→ **WORK TO BE COMPLETED**
Each record that follows is to be reproduced character for character, pictures excepted.
*** RAW DATA ***
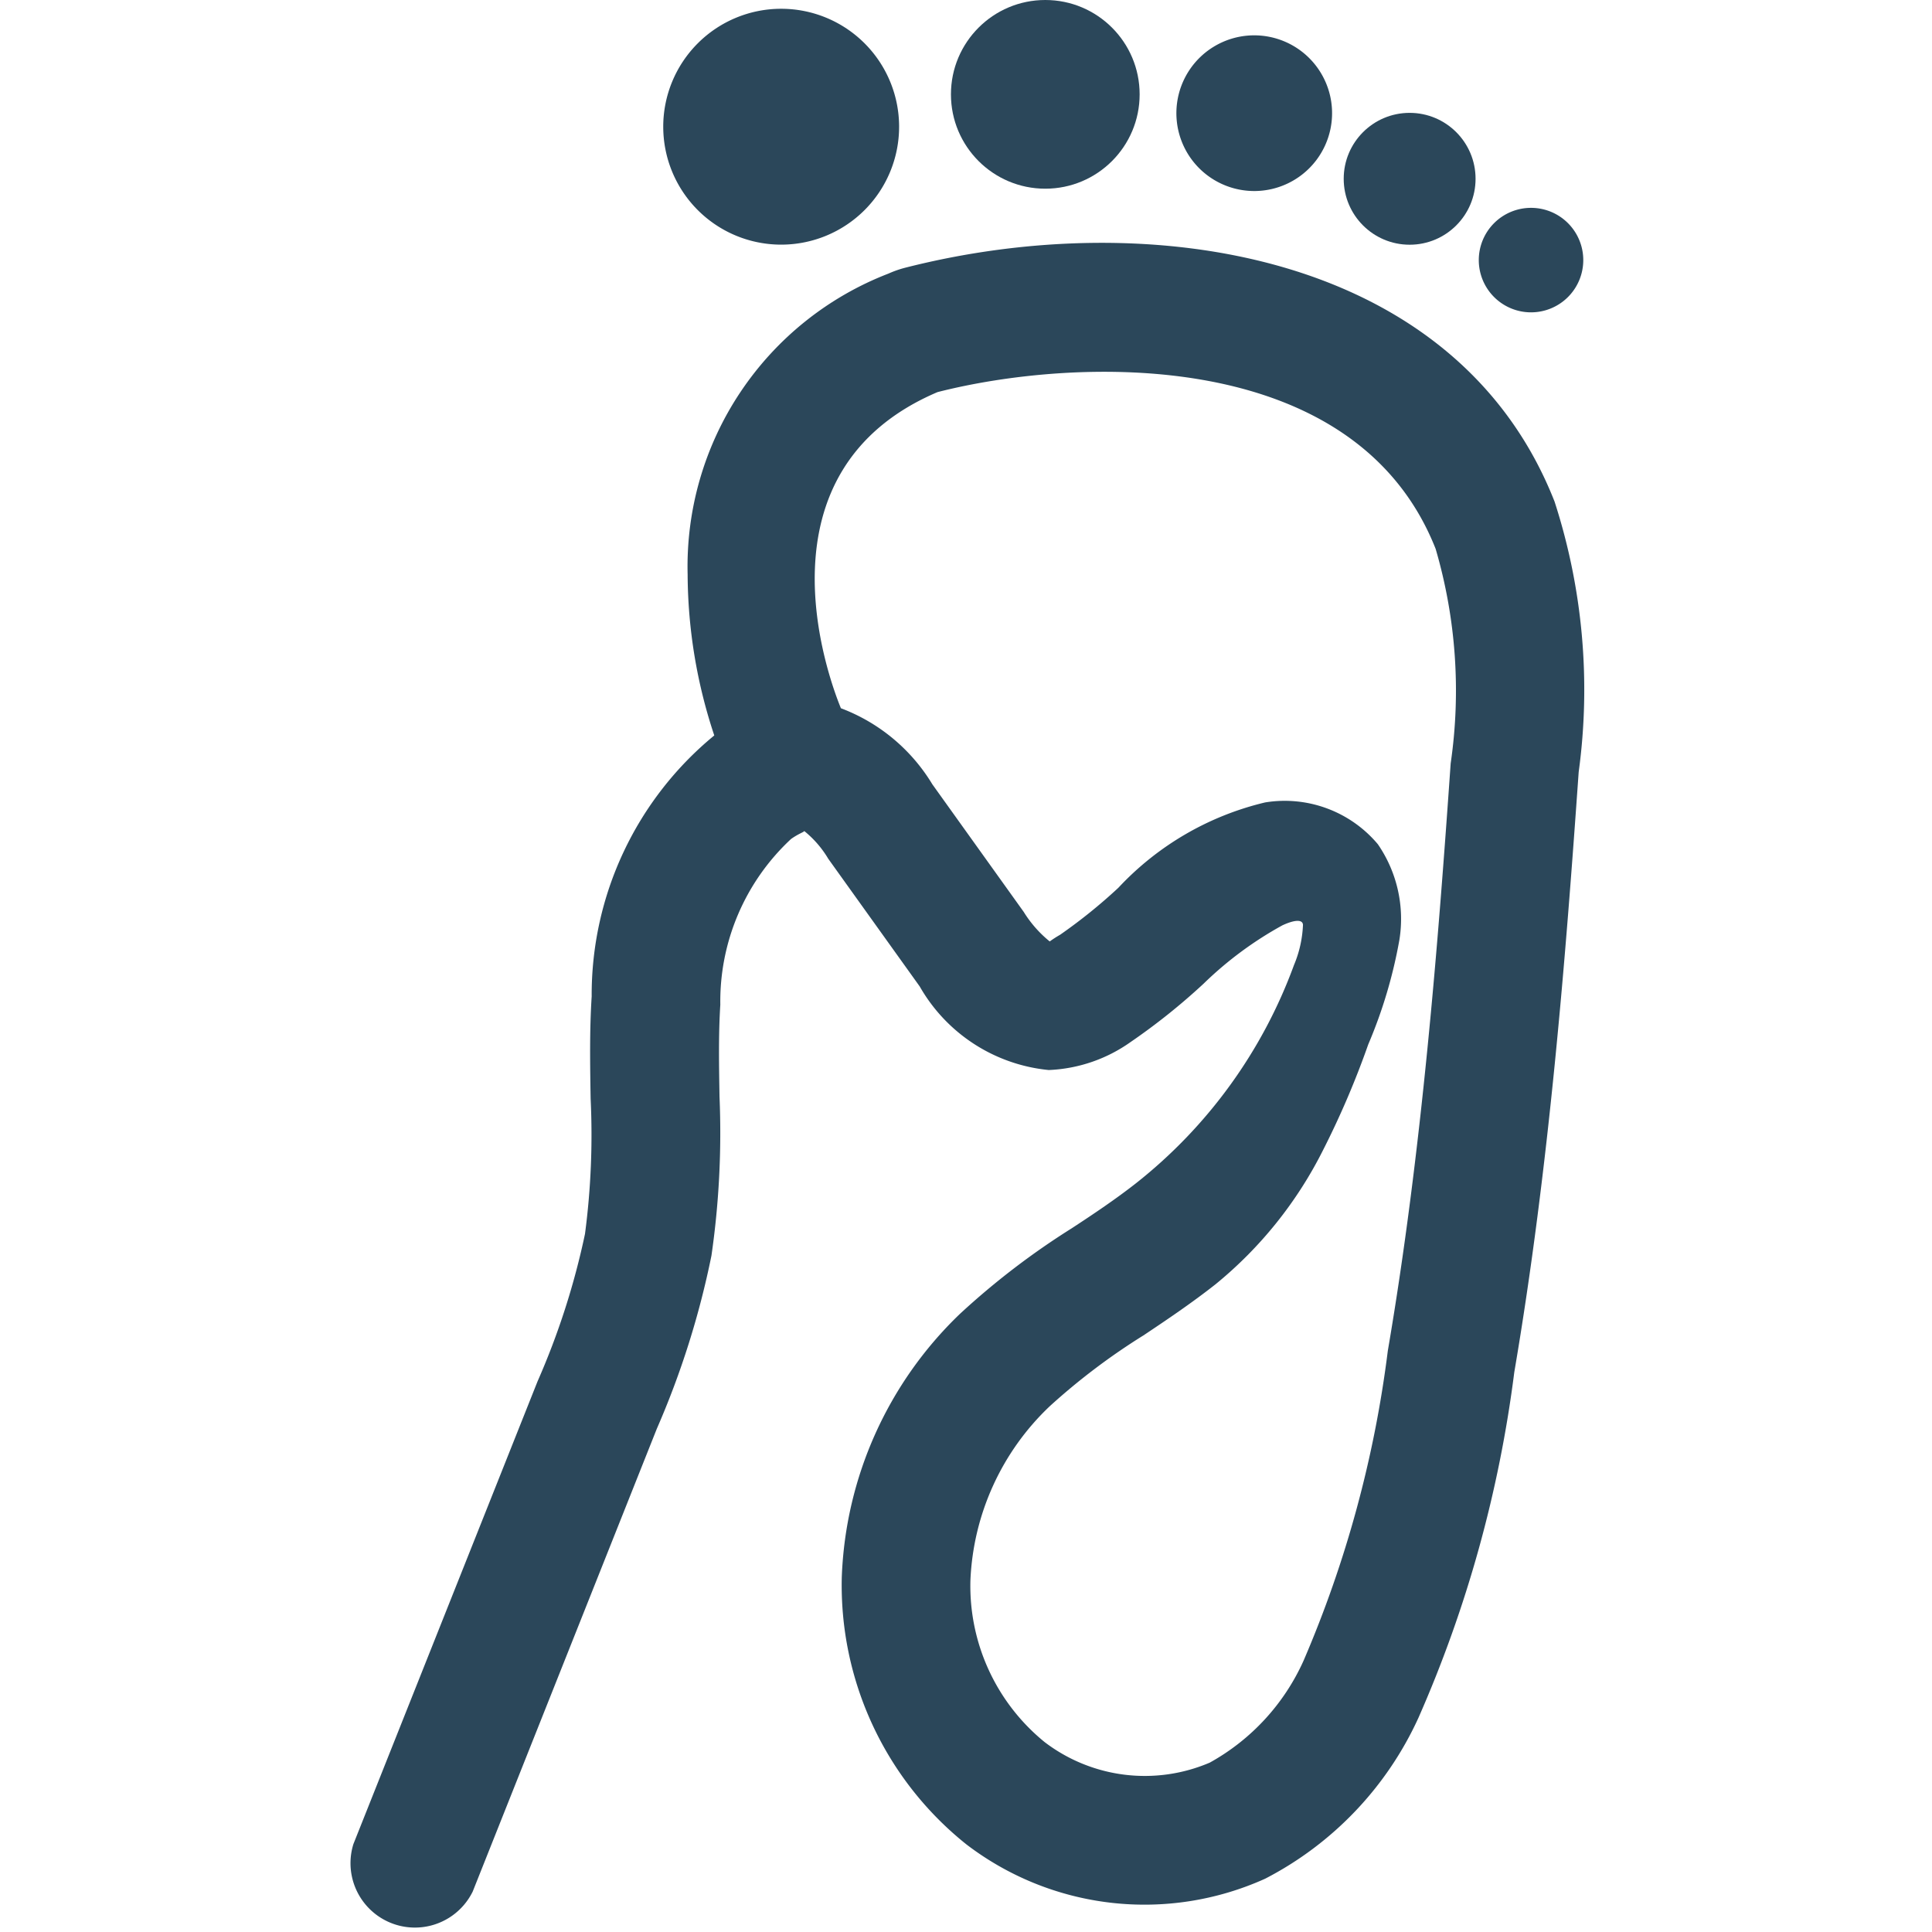 <svg xmlns="http://www.w3.org/2000/svg" width="24" height="24" viewBox="0 0 24 24">
  <g id="massaje_facility" data-name="massaje facility" transform="translate(-2652 -132)">
    <rect id="Rectangle_166" data-name="Rectangle 166" width="24" height="24" transform="translate(2652 132)" fill="#fff" opacity="0"/>
    <g id="massaje_facility-2" data-name="massaje facility" transform="translate(2652.333 132)">
      <g id="Group_152" data-name="Group 152" transform="translate(4)">
        <path id="Path_149" data-name="Path 149" d="M10.769,4.7a1.321,1.321,0,0,0-.2.071A3.9,3.9,0,0,0,8.075,8.508a6.4,6.4,0,0,0,.331,2A4.168,4.168,0,0,0,6.883,13.75c-.027.422-.02.846-.013,1.269A9.42,9.42,0,0,1,6.8,16.7a9.341,9.341,0,0,1-.589,1.831L3.923,24.28a.8.8,0,0,0,1.482.59l2.287-5.749a10.674,10.674,0,0,0,.679-2.152,10.655,10.655,0,0,0,.1-1.975c-.006-.381-.014-.762.01-1.142a2.754,2.754,0,0,1,.879-2.058c.1-.071.171-.089.162-.1a1.289,1.289,0,0,1,.3.346l1.136,1.586a2.077,2.077,0,0,0,1.6,1.038h.009a1.889,1.889,0,0,0,1.01-.347,7.9,7.9,0,0,0,.907-.725,4.525,4.525,0,0,1,.979-.725c.146-.068.252-.078.256-.006a1.433,1.433,0,0,1-.112.5,6.137,6.137,0,0,1-1.96,2.708c-.255.2-.525.381-.8.561a9.411,9.411,0,0,0-1.39,1.064,4.775,4.775,0,0,0-1.467,3.268,4.12,4.12,0,0,0,1.547,3.321,3.643,3.643,0,0,0,3.712.427,4.224,4.224,0,0,0,1.905-2,15.478,15.478,0,0,0,1.19-4.292c.435-2.551.64-5.186.8-7.456a7.582,7.582,0,0,0-.3-3.36C17.624,4.5,13.807,3.922,10.769,4.7Zm6.785,6.152c-.156,2.231-.357,4.82-.781,7.3A14.189,14.189,0,0,1,15.727,22a2.723,2.723,0,0,1-1.166,1.268,2.051,2.051,0,0,1-2.051-.255A2.5,2.5,0,0,1,11.588,21a3.165,3.165,0,0,1,.985-2.159,8.046,8.046,0,0,1,1.164-.88c.3-.2.606-.407.893-.633a5.1,5.1,0,0,0,1.339-1.67,10.8,10.8,0,0,0,.561-1.312,5.972,5.972,0,0,0,.387-1.3,1.636,1.636,0,0,0-.268-1.187,1.511,1.511,0,0,0-1.4-.519,3.649,3.649,0,0,0-1.823,1.06,6.579,6.579,0,0,1-.724.584,1.415,1.415,0,0,0-.129.083,1.465,1.465,0,0,1-.323-.367l-1.135-1.585a2.255,2.255,0,0,0-1.136-.945c-.16-.39-1.1-2.947,1.2-3.927,1.7-.435,5.186-.589,6.188,1.947a6.269,6.269,0,0,1,.187,2.664Z" transform="translate(-3.866 -1.372)" fill="#2b475a"/>
        <path id="Path_150" data-name="Path 150" d="M9,4.585A1.465,1.465,0,1,0,7.538,3.121,1.465,1.465,0,0,0,9,4.585Z" transform="translate(-3.632 -1.546)" fill="#2b475a"/>
        <circle id="Ellipse_18" data-name="Ellipse 18" cx="1.172" cy="1.172" r="1.172" transform="translate(7.48 0)" fill="#2b475a"/>
        <path id="Path_151" data-name="Path 151" d="M14.5,3.9a.967.967,0,1,0-.685-.283A.968.968,0,0,0,14.5,3.9Z" transform="translate(-3.251 -1.527)" fill="#2b475a"/>
        <circle id="Ellipse_19" data-name="Ellipse 19" cx="0.819" cy="0.819" r="0.819" transform="translate(12.359 1.402)" fill="#2b475a"/>
        <path id="Path_152" data-name="Path 152" d="M17.712,5.278a.649.649,0,1,0-.649-.649.649.649,0,0,0,.649.649Z" transform="translate(-3.026 -1.398)" fill="#2b475a"/>
      </g>
    </g>
  </g>
</svg>
*** End of RAW DATA ***
→ **EXPECTED OUTPUT**
 <svg xmlns="http://www.w3.org/2000/svg" width="24" height="24" viewBox="0 0 24 24">
  <g id="massaje_facility" data-name="massaje facility" transform="translate(-2652 -132)">
    <rect id="Rectangle_166" data-name="Rectangle 166" width="24" height="24" transform="translate(2652 132)" fill="#fff" opacity="0"/>
    <g id="massaje_facility-2" data-name="massaje facility" transform="translate(2652.333 132)">
      <g id="Group_152" data-name="Group 152" transform="translate(4)">
        <path id="Path_149" data-name="Path 149" d="M10.769,4.7a1.321,1.321,0,0,0-.2.071A3.9,3.9,0,0,0,8.075,8.508a6.4,6.4,0,0,0,.331,2A4.168,4.168,0,0,0,6.883,13.75c-.027.422-.02.846-.013,1.269A9.42,9.42,0,0,1,6.8,16.7a9.341,9.341,0,0,1-.589,1.831L3.923,24.28a.8.8,0,0,0,1.482.59l2.287-5.749a10.674,10.674,0,0,0,.679-2.152,10.655,10.655,0,0,0,.1-1.975c-.006-.381-.014-.762.01-1.142a2.754,2.754,0,0,1,.879-2.058c.1-.071.171-.089.162-.1a1.289,1.289,0,0,1,.3.346l1.136,1.586a2.077,2.077,0,0,0,1.6,1.038h.009a1.889,1.889,0,0,0,1.01-.347,7.9,7.9,0,0,0,.907-.725,4.525,4.525,0,0,1,.979-.725c.146-.068.252-.078.256-.006a1.433,1.433,0,0,1-.112.5,6.137,6.137,0,0,1-1.96,2.708c-.255.2-.525.381-.8.561a9.411,9.411,0,0,0-1.39,1.064,4.775,4.775,0,0,0-1.467,3.268,4.12,4.12,0,0,0,1.547,3.321,3.643,3.643,0,0,0,3.712.427,4.224,4.224,0,0,0,1.905-2,15.478,15.478,0,0,0,1.19-4.292c.435-2.551.64-5.186.8-7.456a7.582,7.582,0,0,0-.3-3.36C17.624,4.5,13.807,3.922,10.769,4.7Zm6.785,6.152c-.156,2.231-.357,4.82-.781,7.3A14.189,14.189,0,0,1,15.727,22a2.723,2.723,0,0,1-1.166,1.268,2.051,2.051,0,0,1-2.051-.255A2.5,2.5,0,0,1,11.588,21a3.165,3.165,0,0,1,.985-2.159,8.046,8.046,0,0,1,1.164-.88c.3-.2.606-.407.893-.633a5.1,5.1,0,0,0,1.339-1.67,10.8,10.8,0,0,0,.561-1.312,5.972,5.972,0,0,0,.387-1.3,1.636,1.636,0,0,0-.268-1.187,1.511,1.511,0,0,0-1.4-.519,3.649,3.649,0,0,0-1.823,1.06,6.579,6.579,0,0,1-.724.584,1.415,1.415,0,0,0-.129.083,1.465,1.465,0,0,1-.323-.367l-1.135-1.585a2.255,2.255,0,0,0-1.136-.945c-.16-.39-1.1-2.947,1.2-3.927,1.7-.435,5.186-.589,6.188,1.947a6.269,6.269,0,0,1,.187,2.664Z" transform="translate(-3.866 -1.372)" fill="#2b475a"/>
        <path id="Path_150" data-name="Path 150" d="M9,4.585A1.465,1.465,0,1,0,7.538,3.121,1.465,1.465,0,0,0,9,4.585Z" transform="translate(-3.632 -1.546)" fill="#2b475a"/>
        <circle id="Ellipse_18" data-name="Ellipse 18" cx="1.172" cy="1.172" r="1.172" transform="translate(7.48 0)" fill="#2b475a"/>
        <path id="Path_151" data-name="Path 151" d="M14.5,3.9a.967.967,0,1,0-.685-.283A.968.968,0,0,0,14.5,3.9Z" transform="translate(-3.251 -1.527)" fill="#2b475a"/>
        <circle id="Ellipse_19" data-name="Ellipse 19" cx="0.819" cy="0.819" r="0.819" transform="translate(12.359 1.402)" fill="#2b475a"/>
        <path id="Path_152" data-name="Path 152" d="M17.712,5.278a.649.649,0,1,0-.649-.649.649.649,0,0,0,.649.649Z" transform="translate(-3.026 -1.398)" fill="#2b475a"/>
      </g>
    </g>
  </g>
</svg>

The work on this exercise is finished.